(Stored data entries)

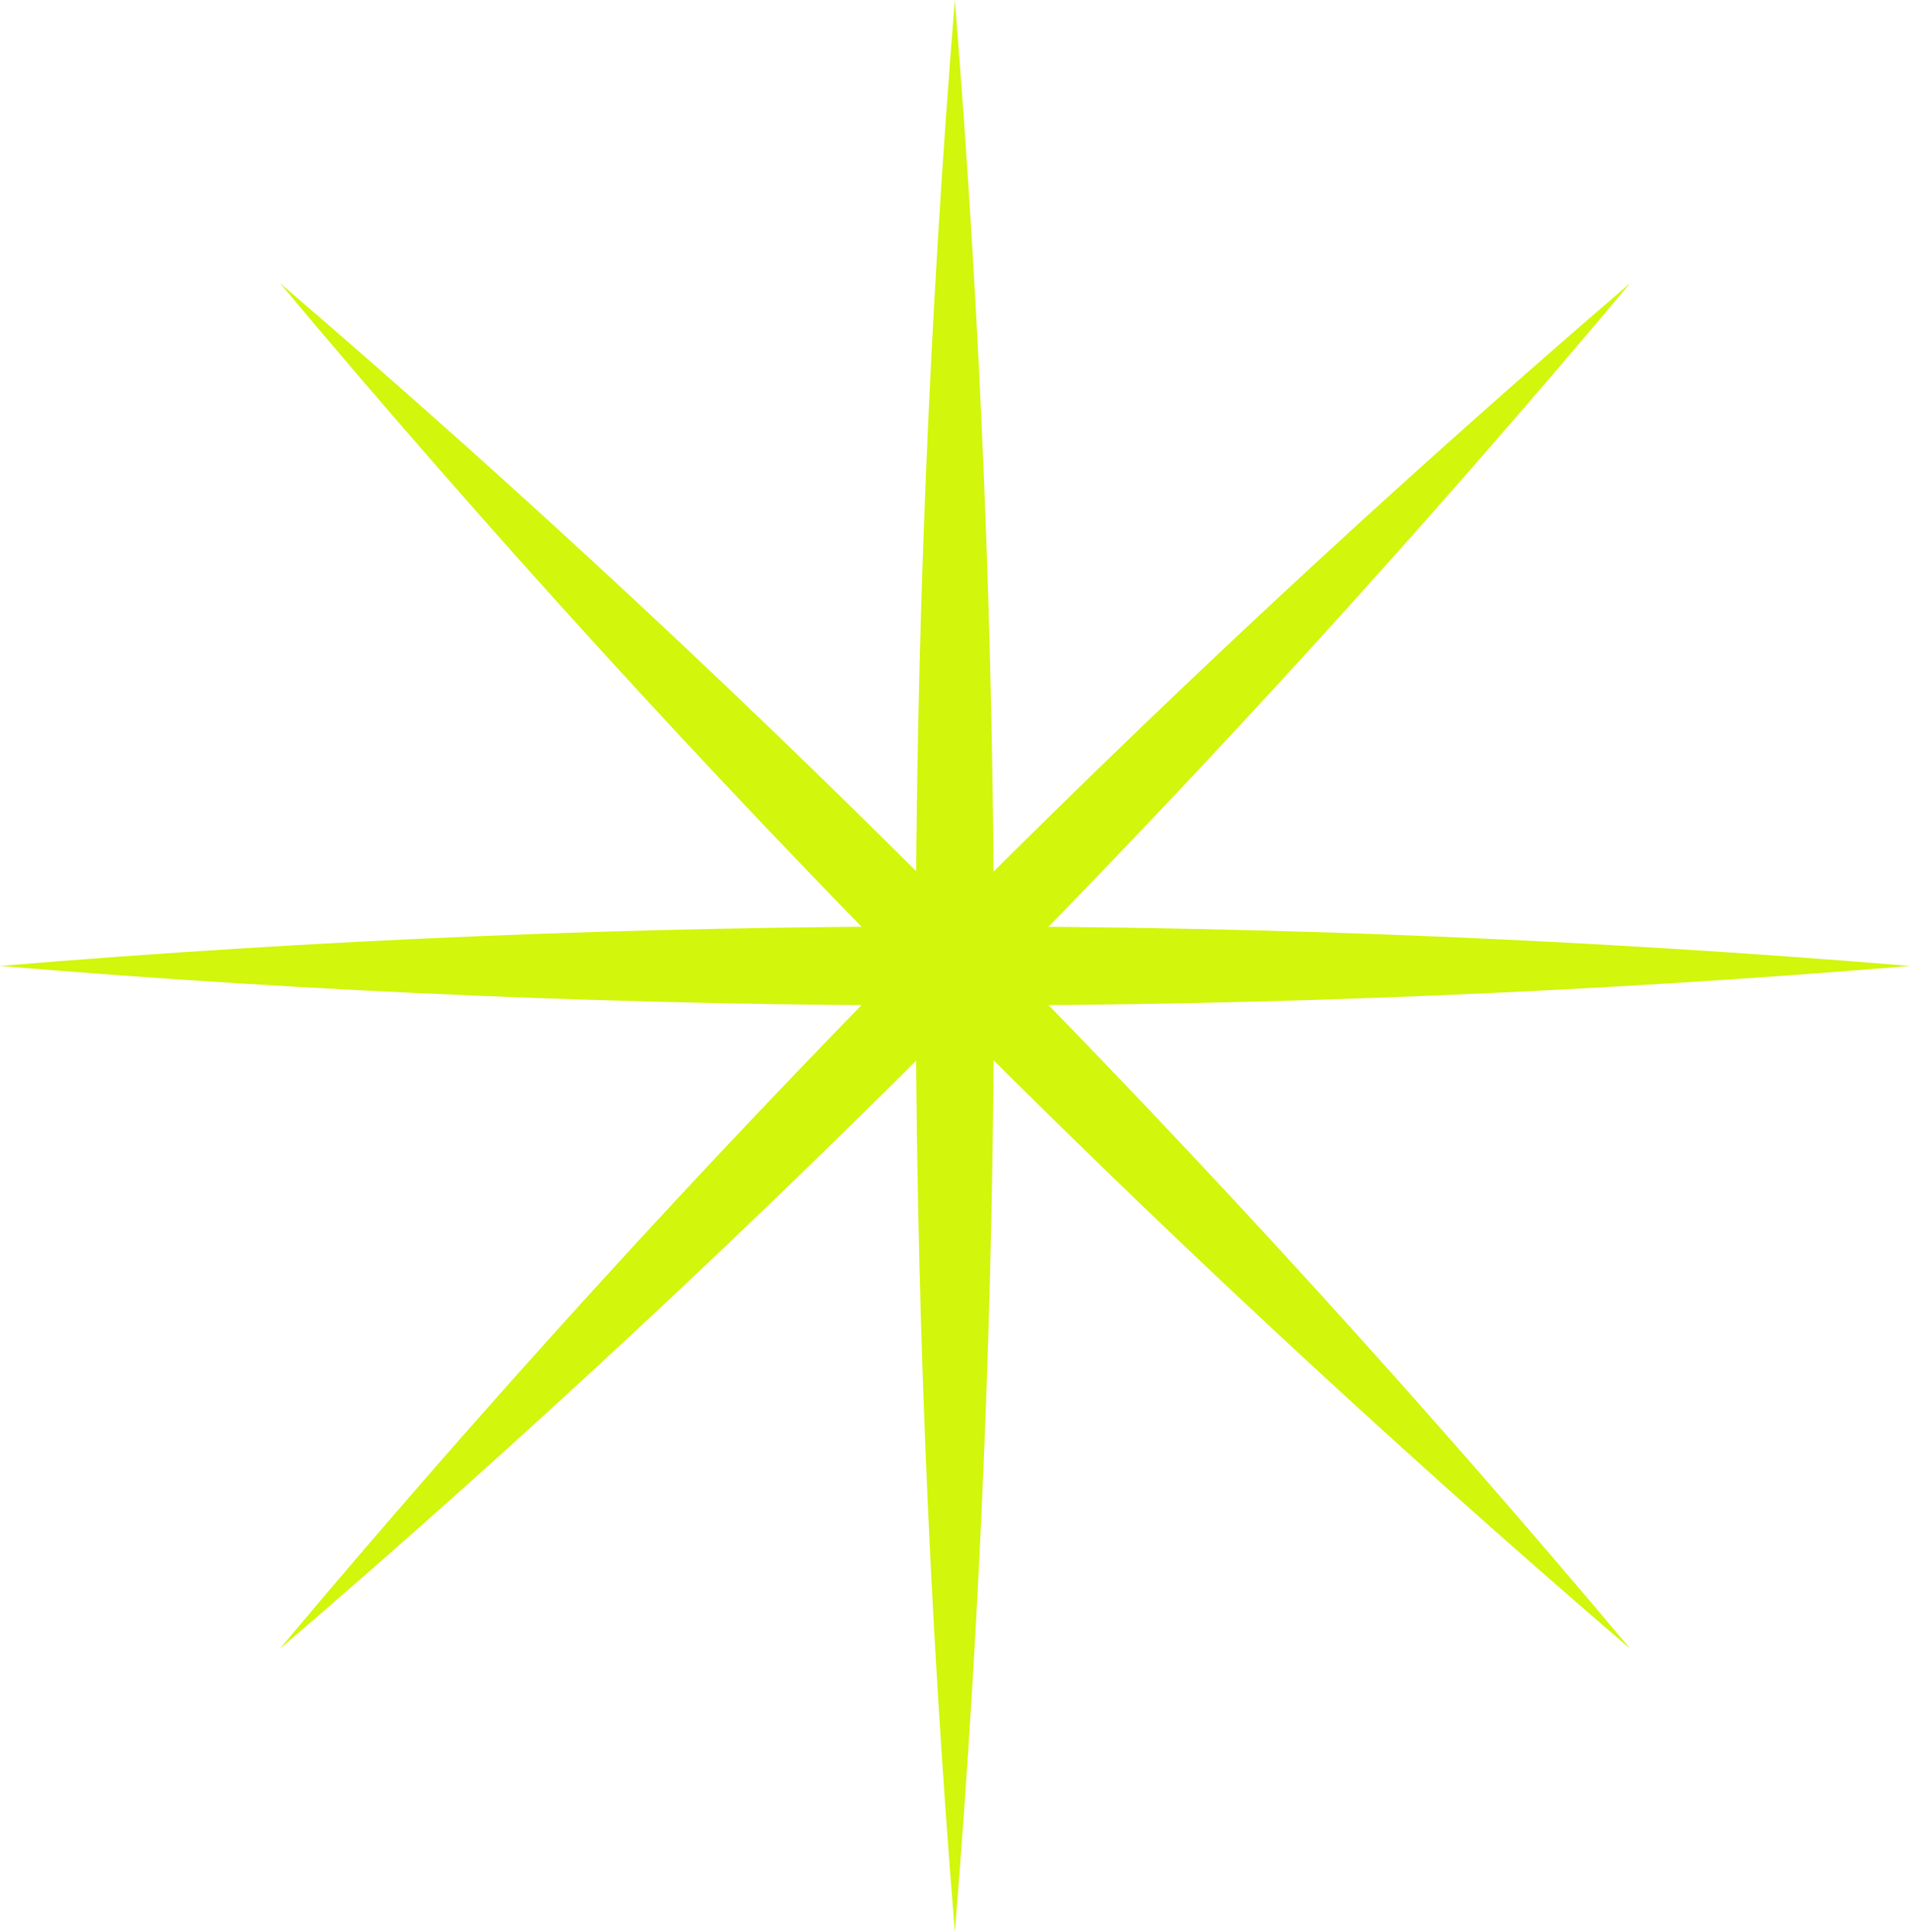 <svg width="258" height="261" viewBox="0 0 258 261" fill="none" xmlns="http://www.w3.org/2000/svg">
<path d="M128.981 0C135.994 86.811 136.055 174.182 128.981 261C121.906 174.189 121.968 86.818 128.981 0Z" fill="#D2F60C"/>
<path d="M258 130.492C172.182 137.586 85.818 137.648 0 130.492C85.818 123.337 172.182 123.399 258 130.492Z" fill="#D2F60C"/>
<path d="M220.233 38.223C164.5 104.626 103.462 166.442 37.774 222.769C93.462 156.328 154.577 94.589 220.233 38.223Z" fill="#D2F60C"/>
<path d="M220.233 222.761C154.584 166.395 93.477 104.665 37.79 38.223C103.477 94.542 164.507 156.359 220.233 222.761Z" fill="#D2F60C"/>
</svg>

__Work instruction__:
Counting the line that contains "130.492C172.182 137.586 85.818" as the first, copy exactly every line through the end of the records, and nothing else.

__Task output__:
<path d="M258 130.492C172.182 137.586 85.818 137.648 0 130.492C85.818 123.337 172.182 123.399 258 130.492Z" fill="#D2F60C"/>
<path d="M220.233 38.223C164.5 104.626 103.462 166.442 37.774 222.769C93.462 156.328 154.577 94.589 220.233 38.223Z" fill="#D2F60C"/>
<path d="M220.233 222.761C154.584 166.395 93.477 104.665 37.79 38.223C103.477 94.542 164.507 156.359 220.233 222.761Z" fill="#D2F60C"/>
</svg>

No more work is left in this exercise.